─── Information given

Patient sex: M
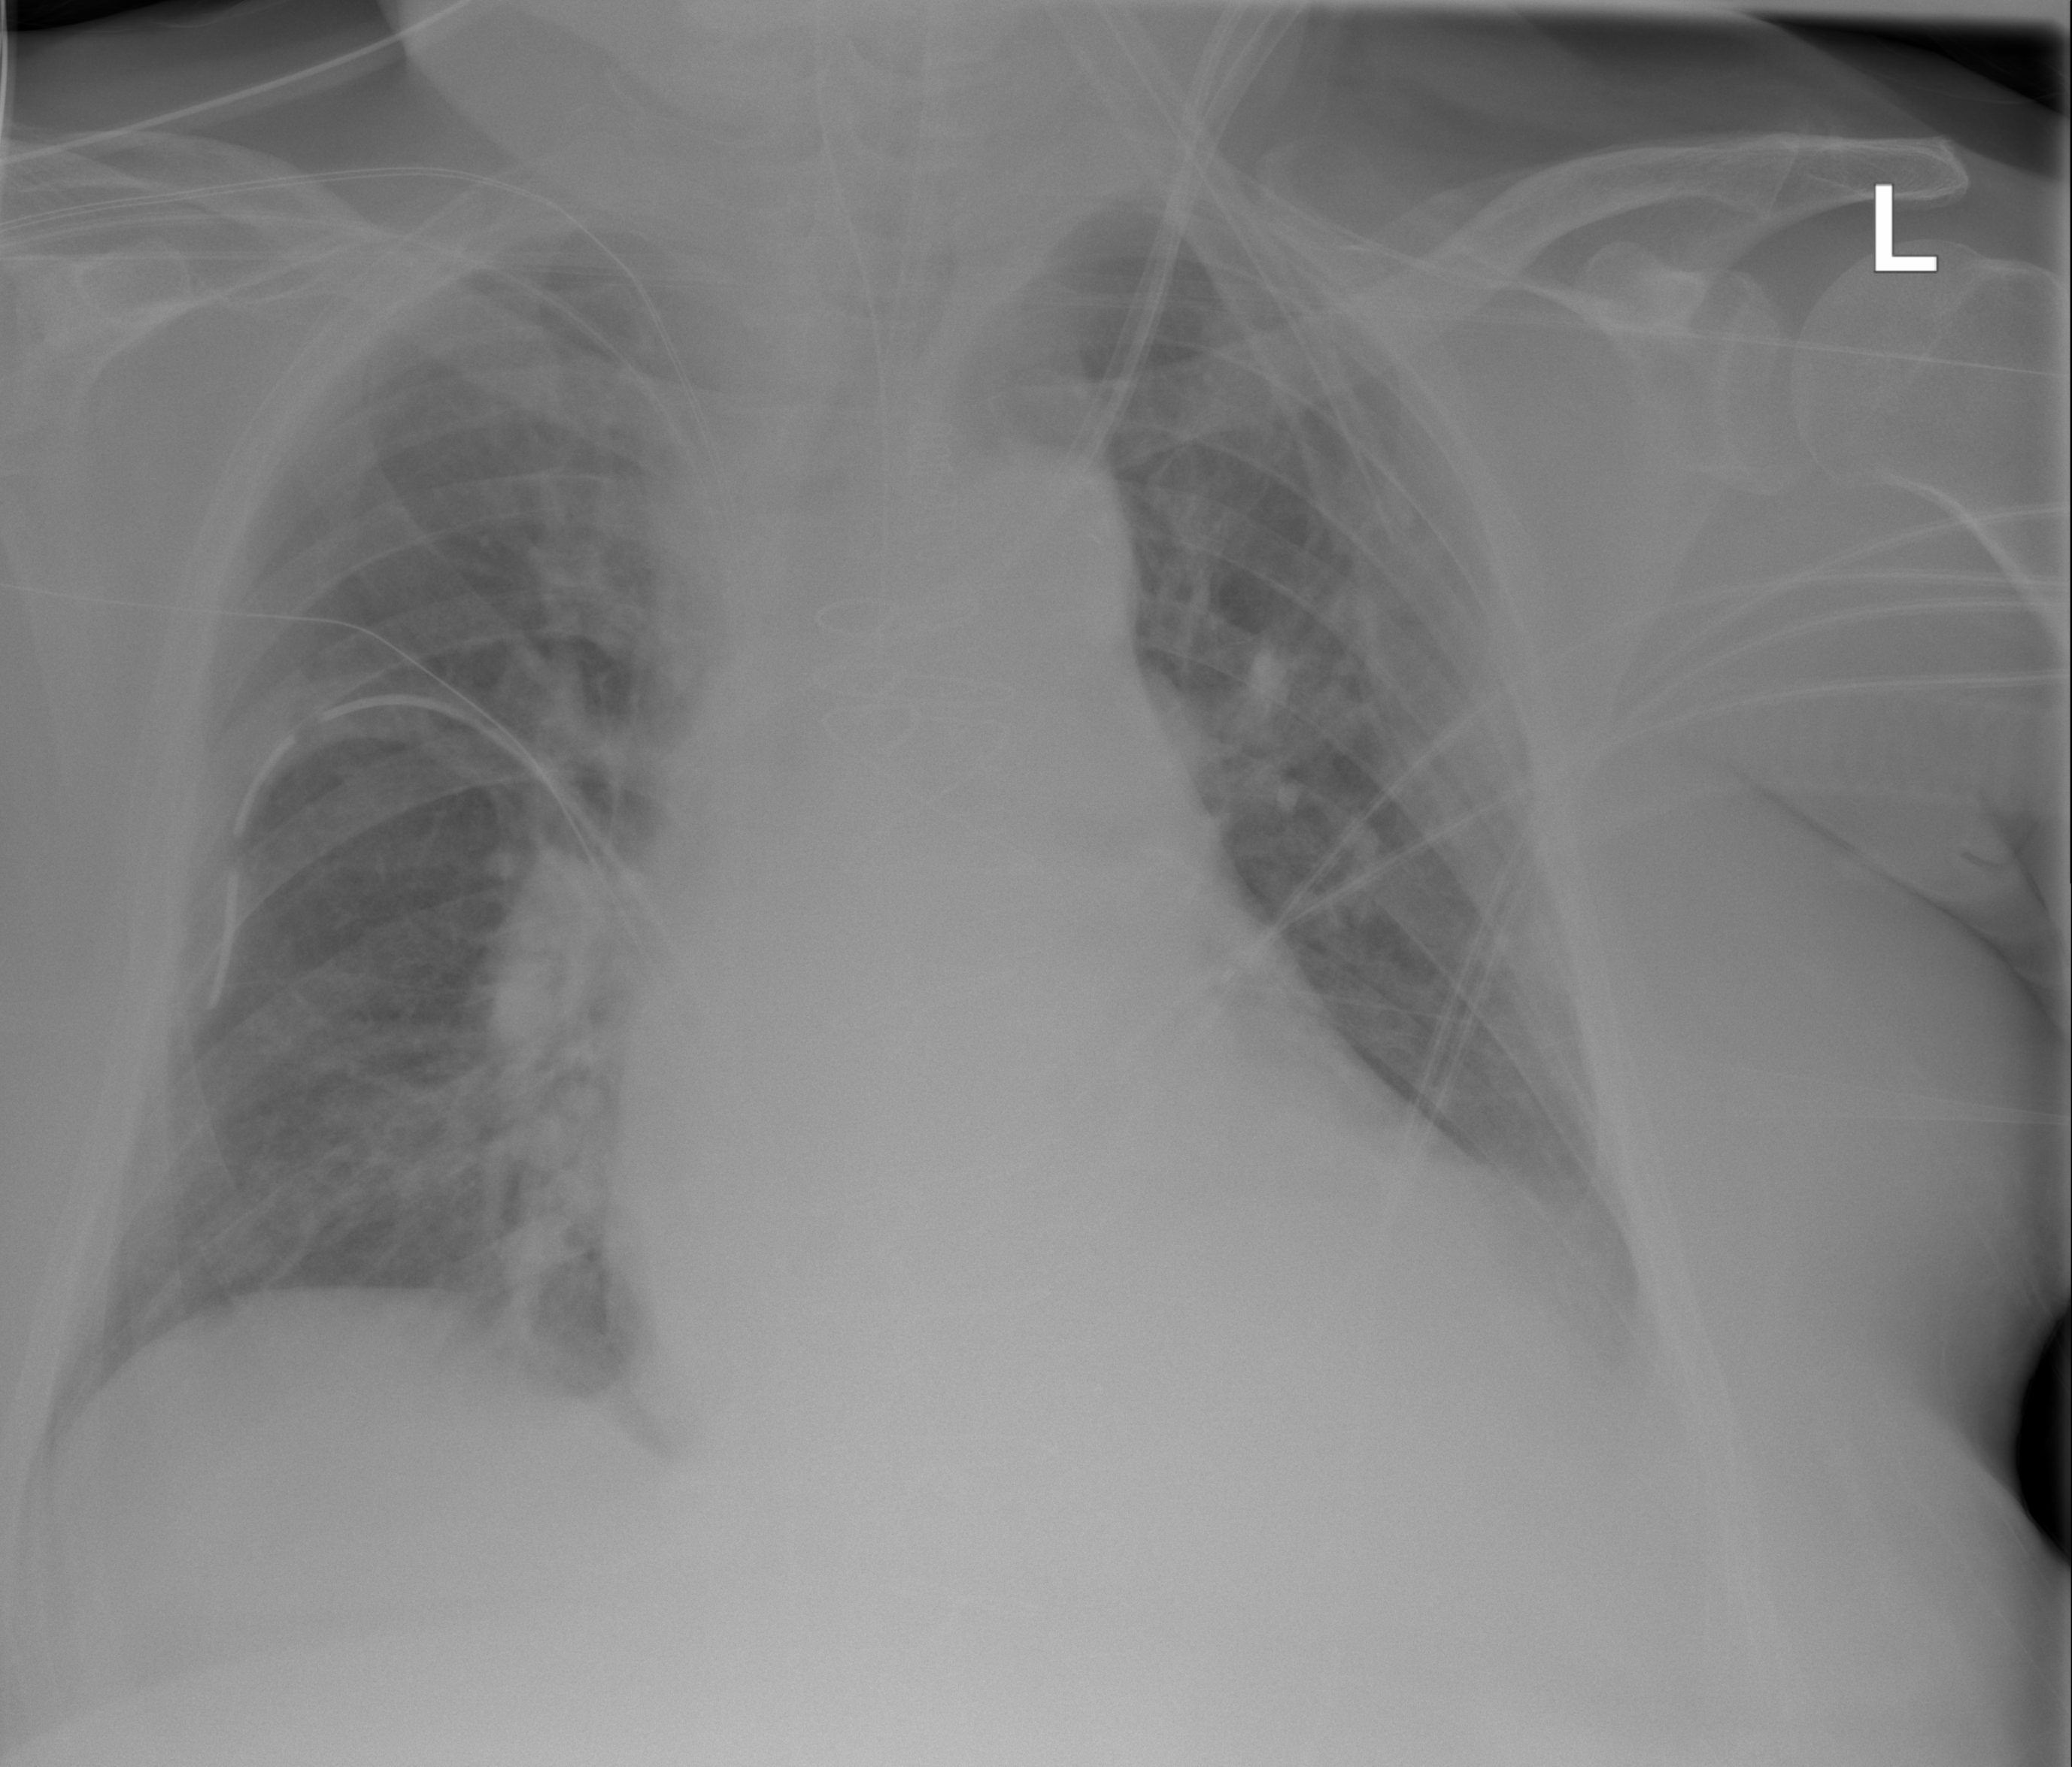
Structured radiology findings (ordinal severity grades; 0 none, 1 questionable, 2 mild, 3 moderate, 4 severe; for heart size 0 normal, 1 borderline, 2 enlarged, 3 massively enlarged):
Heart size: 2
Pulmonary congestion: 0
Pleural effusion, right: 0
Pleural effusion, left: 2
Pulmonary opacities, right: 0
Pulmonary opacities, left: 0
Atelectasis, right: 2
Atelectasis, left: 2
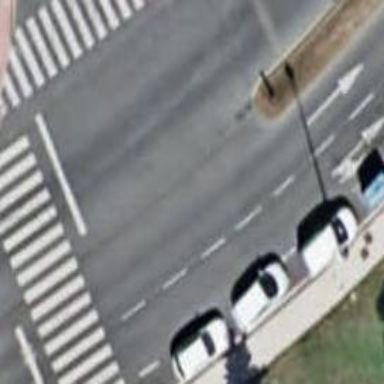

──────

◆ What the exercise asks: An exact reproduction of the material above is needed, without its pictures.

◆ Your solution:
Patient sex: M
Structured radiology findings (ordinal severity grades; 0 none, 1 questionable, 2 mild, 3 moderate, 4 severe; for heart size 0 normal, 1 borderline, 2 enlarged, 3 massively enlarged):
Heart size: 2
Pulmonary congestion: 0
Pleural effusion, right: 0
Pleural effusion, left: 2
Pulmonary opacities, right: 0
Pulmonary opacities, left: 0
Atelectasis, right: 2
Atelectasis, left: 2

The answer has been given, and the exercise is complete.